Background: Like many institutions nationwide, our health system, an urban tertiary care academic medical center, has experienced challenges due strained hospital capacity. Hospitalists frequently face feedback to place discharge orders as early as possible in the day, for reasons as diverse as assisting patients with obtaining a ride home to expediting bed turnover for the next admission. However, fitting discharges into the rounding structure of a busy morning as a direct care hospitalist is a challenging puzzle, as many discharges take thoughtful planning, multidisciplinary discussions, and close attention to detail. As a result, despite attempts to increase accuracy of estimated date of discharge (EDD) and advance time of discharge, average discharge order time, and rates of accurate EDD these remain constant problems in our institution.
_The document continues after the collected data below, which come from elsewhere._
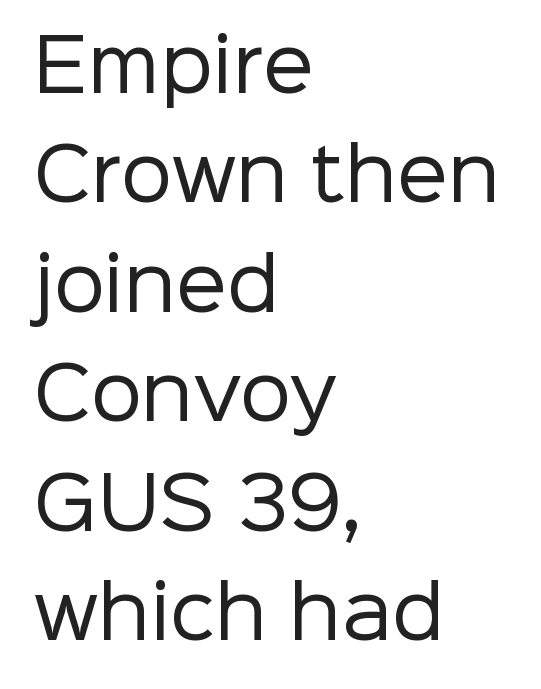
The image shows 72 px regular-weight sans-serif type, upright; set left-aligned, normal line spacing (1.52x), normal letter spacing, not underlined; low stroke contrast and a medium x-height.
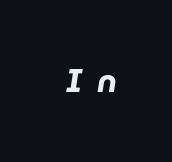
{"italic": "yes", "lean": "right", "slant_degrees": 9, "bold": "yes", "weight": "heavy", "width": "normal", "stroke_contrast": "low", "x_height": "medium", "monospaced": "no", "underline": "no", "letter_spacing": "wide", "letter_spacing_em": 0.46, "glyph_px": 32}
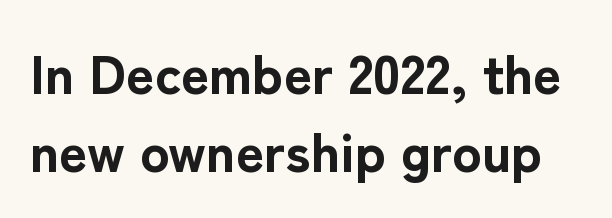
Q: Is the text bold? A: Yes.
Q: Is the text italic (slanted)? A: No, it is upright.
Q: Is the typeface a serif or a sans-serif typeface? A: Sans-serif.
Q: Is the text underlined? A: No.
Q: Is the spacing between letters normal or unusually wide? A: Normal.
Q: Is the spacing between lines tight, normal or loose? A: Normal.
Q: Width (condensed, normal, or wide)? A: Normal.
Q: Stroke contrast? A: Low.
Q: x-height? A: Medium.
Q: Monospaced? A: No.
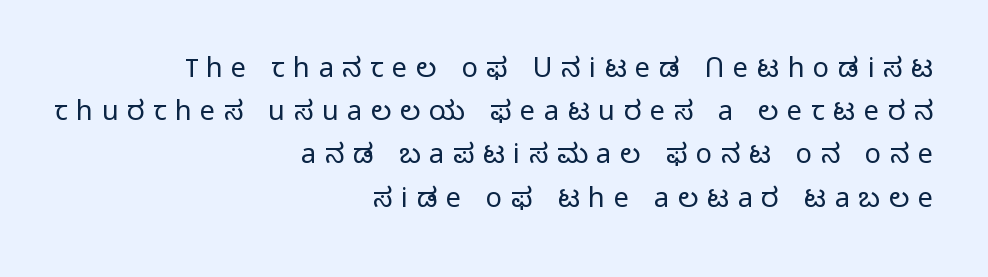
Words float on clear page, feet unadorned. The gaps between neighbouring characters are conspicuously large. Reading down the column, the eye jumps a familiar distance to each next line. The specimen reads as upright at a glance.
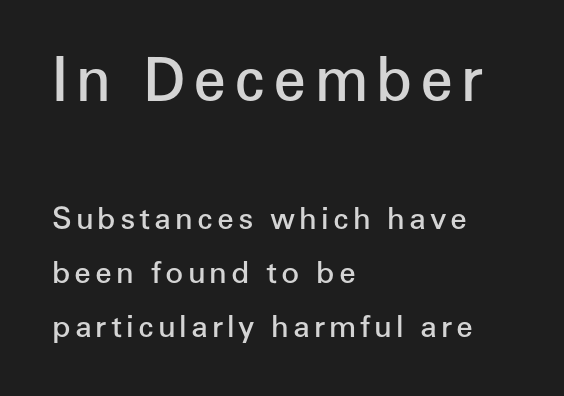
The font's upright variant was chosen for this text. Type size steps down from the first block to the second. These lines are rendered in a variable-pitch font. The font is running at a semibold setting, under full bold. Each letter's strokes conclude bluntly, with no projecting serifs.
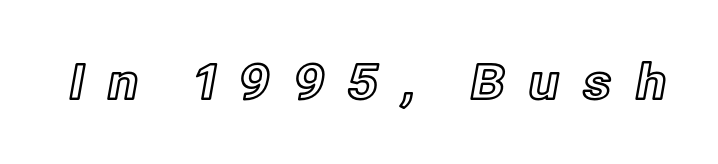
Q: Is the text italic (slanted)? A: Yes.
Q: Is the text underlined? A: No.
Q: Is the spacing between letters normal or unusually wide? A: Unusually wide.
Q: Width (condensed, normal, or wide)? A: Normal.
Q: x-height? A: Medium.
Q: Monospaced? A: No.
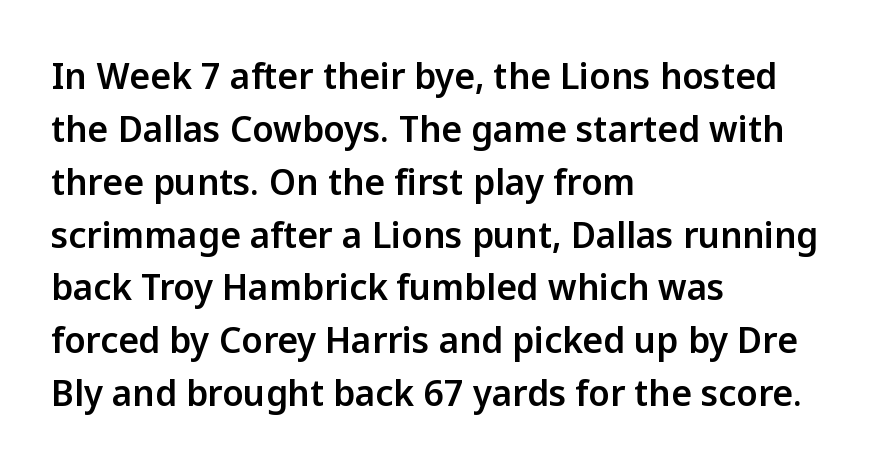
{"serif": "no", "italic": "no", "width": "normal", "stroke_contrast": "low", "x_height": "medium", "monospaced": "no", "underline": "no", "align": "left", "line_spacing": "normal", "line_spacing_ratio": 1.51, "letter_spacing": "normal", "letter_spacing_em": 0.0, "glyph_px": 35}
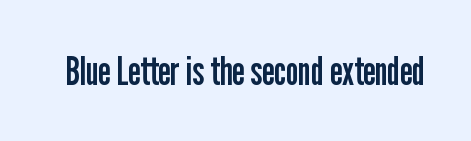
The image shows 40 px regular-weight, condensed sans-serif type, upright; set normal letter spacing, not underlined; low stroke contrast and a medium x-height.
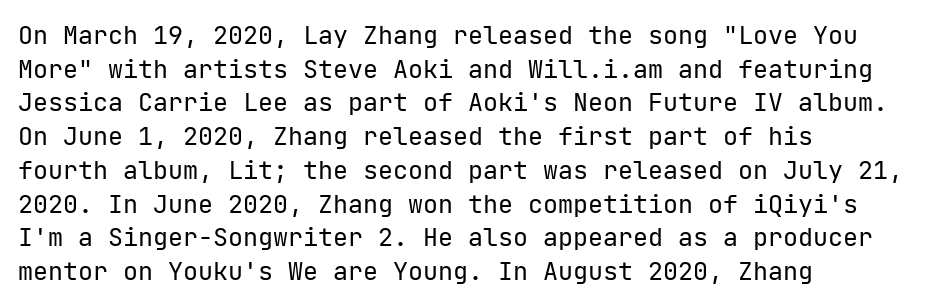
Q: Is the text bold? A: No.
Q: Is the text italic (slanted)? A: No, it is upright.
Q: Is the text underlined? A: No.
Q: How is the paragraph aligned? A: Left-aligned.
Q: Is the spacing between letters normal or unusually wide? A: Normal.
Q: Is the spacing between lines tight, normal or loose? A: Normal.
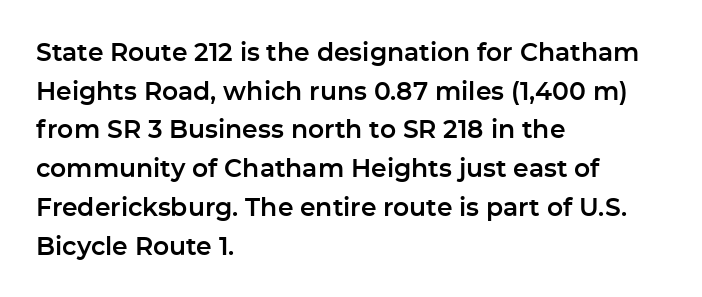
Inter-character spacing is left at the font's built-in metrics. Quick note: underline off. Horizontal alignment here is leftward, the default for most running prose. Posture: vertical. Line spacing here is normal.
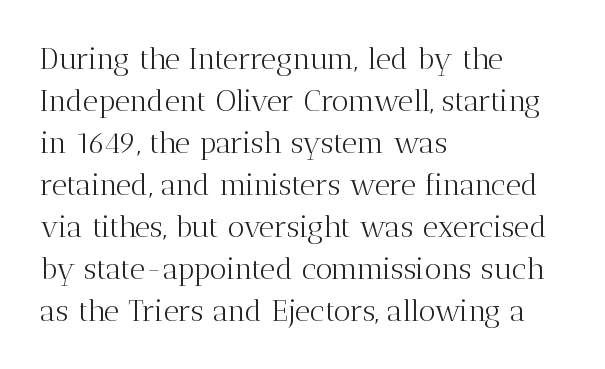
{"serif": "yes", "italic": "no", "bold": "no", "weight": "light", "width": "normal", "stroke_contrast": "medium", "x_height": "medium", "monospaced": "no", "underline": "no", "align": "left", "line_spacing": "normal", "line_spacing_ratio": 1.4, "letter_spacing": "normal", "letter_spacing_em": 0.0, "glyph_px": 30}
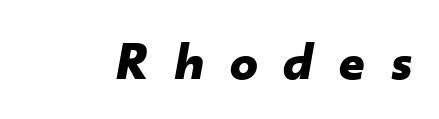
{"italic": "yes", "lean": "right", "slant_degrees": 10, "bold": "yes", "weight": "bold", "width": "normal", "stroke_contrast": "low", "x_height": "small", "monospaced": "no", "underline": "no", "letter_spacing": "wide", "letter_spacing_em": 0.47, "glyph_px": 55}
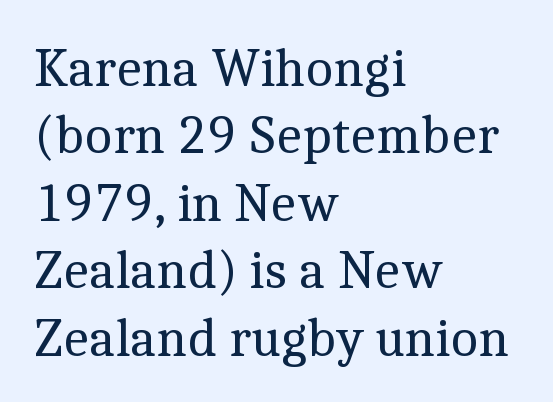
This is roman type, the default non-slanted kind. No extra ink here — the face is not bold. Any mark beneath the type? The region is blank. In terms of letterform style, serifs are clearly present. Compared with typical paragraphs, the rows here are spaced about the same. Tracking value appears to be zero — textbook default spacing.
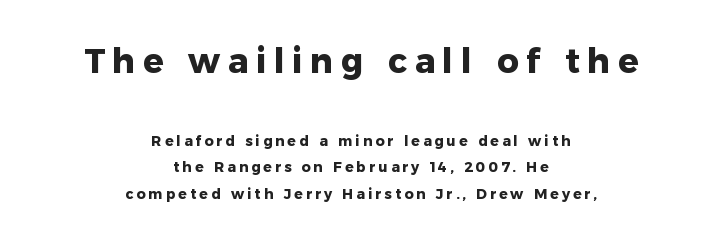
The image shows 34 px heavy sans-serif type, upright; set centered, loose line spacing (1.9x), unusually wide letter spacing (+0.22 em), not underlined; the first (top) block is 2.43x larger; low stroke contrast and a medium x-height.
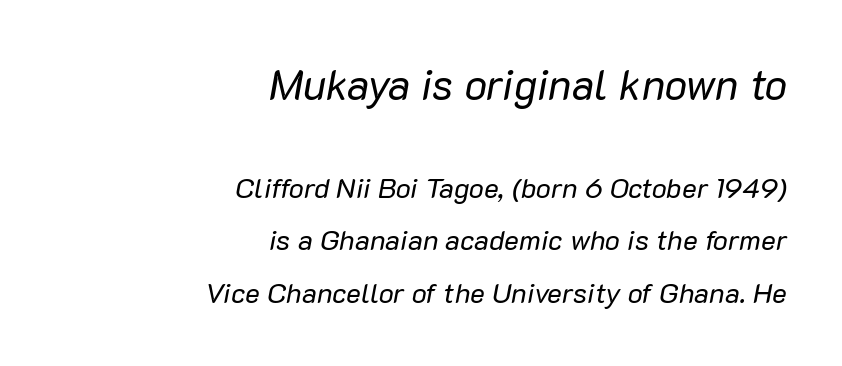
The image shows 42 px regular-weight type, italic (leaning right); set right-aligned, line spacing 1.88x, normal letter spacing, not underlined; the first (top) block is 1.5x larger; low stroke contrast and a medium x-height.
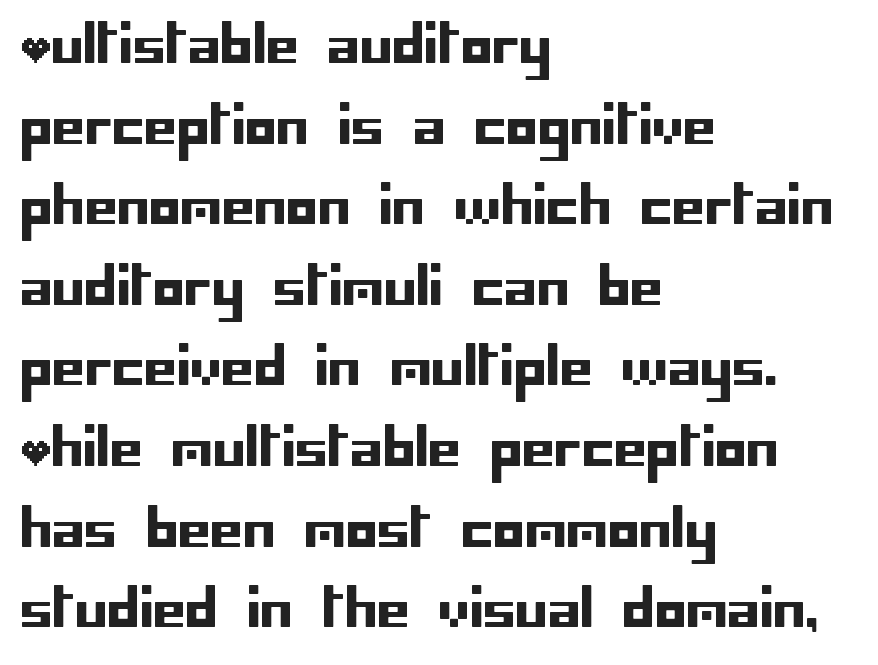
Q: Is the text italic (slanted)? A: No, it is upright.
Q: Is the typeface a serif or a sans-serif typeface? A: Sans-serif.
Q: Is the text underlined? A: No.
Q: How is the paragraph aligned? A: Left-aligned.
Q: Is the spacing between letters normal or unusually wide? A: Normal.
Q: Is the spacing between lines tight, normal or loose? A: Normal.
Q: Width (condensed, normal, or wide)? A: Normal.
Q: Stroke contrast? A: Low.
Q: x-height? A: Large.
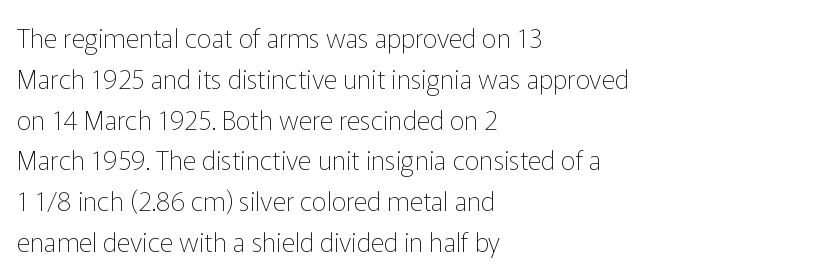
The image shows 26 px text type, upright; set left-aligned, normal line spacing (1.57x), normal letter spacing, not underlined.
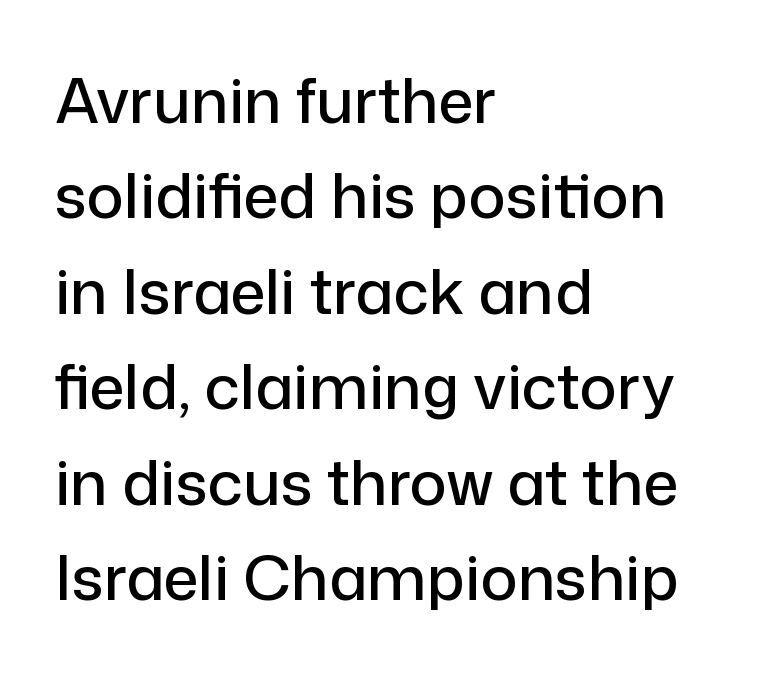
{"serif": "no", "italic": "no", "width": "normal", "stroke_contrast": "low", "x_height": "medium", "monospaced": "no", "underline": "no", "align": "left", "line_spacing": "normal", "line_spacing_ratio": 1.54, "letter_spacing": "normal", "letter_spacing_em": 0.0, "glyph_px": 62}
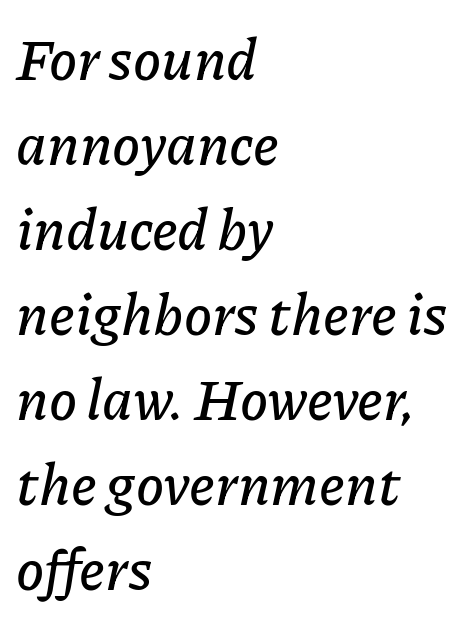
Q: Is the text italic (slanted)? A: Yes, it leans right by about 11 degrees.
Q: Is the text underlined? A: No.
Q: How is the paragraph aligned? A: Left-aligned.
Q: Is the spacing between letters normal or unusually wide? A: Normal.
Q: Is the spacing between lines tight, normal or loose? A: Normal.
Q: Width (condensed, normal, or wide)? A: Normal.
Q: Stroke contrast? A: Low.
Q: x-height? A: Medium.
Q: Monospaced? A: No.

Purpose: We sought to create a systematic approach to day-of-discharge communication, currently leveraged by our direct care hospitalist Clinical Assistant, to jumpstart the discharge process for select patients.

Description: We engaged with multiple stakeholders including pharmacy services, nursing staff, nursing leadership, unit leadership, and the direct care hospitalist service leadership to gather input and ideas for improvement. We also presented the idea at our hospitalist division’s Quality Improvement Committee and to our division at large for more input. After mapping out the current state, we outlined common tasks that the direct care Clinical Assistant could address and a general approach to each. The core aspects of the pilot communication protocol are displayed in Figure 1. We also designed a careful data tracking process to measure engagement with the program, and how common each type of task was for the Clinical Assistant. Additionally, we created a plan for following up on our division’s goal to improve EDD accuracy and the health system’s goal of reduction in length of stay. Our pilot’s preliminary data collection began in October 2023.

Conclusions: Over the course of the pilot month the Clinical Assistant initiated contact with 9 direct care hospitalists daily Monday through Thursday, and garnered a response rate of 58% to the initial question of which patient was likeliest to discharge the following day. In 45% of instances, the Clinical Assistant was able to assist with a task that the hospitalist identified as relevant to the patient’s readiness for discharge (Table 1). In all patients who were identified for ADP, the average discharge order time by the hospitalist improved by ~25 minutes compared to non-ADP patients. However, there was minimal difference in the average physical discharge time between the two groups, which will require additional efforts toward workflow improvement with our patient-facing colleagues (RN staff and leadership).

IMAGE 1: Figure 1: A comparison of the prior workflow on day prior to and day of discharge, and the current intervention.

IMAGE 2: Table 1: A list of discharge barriers identified by the hospitalists during the pilot period that the Clinical Assistant could take action on.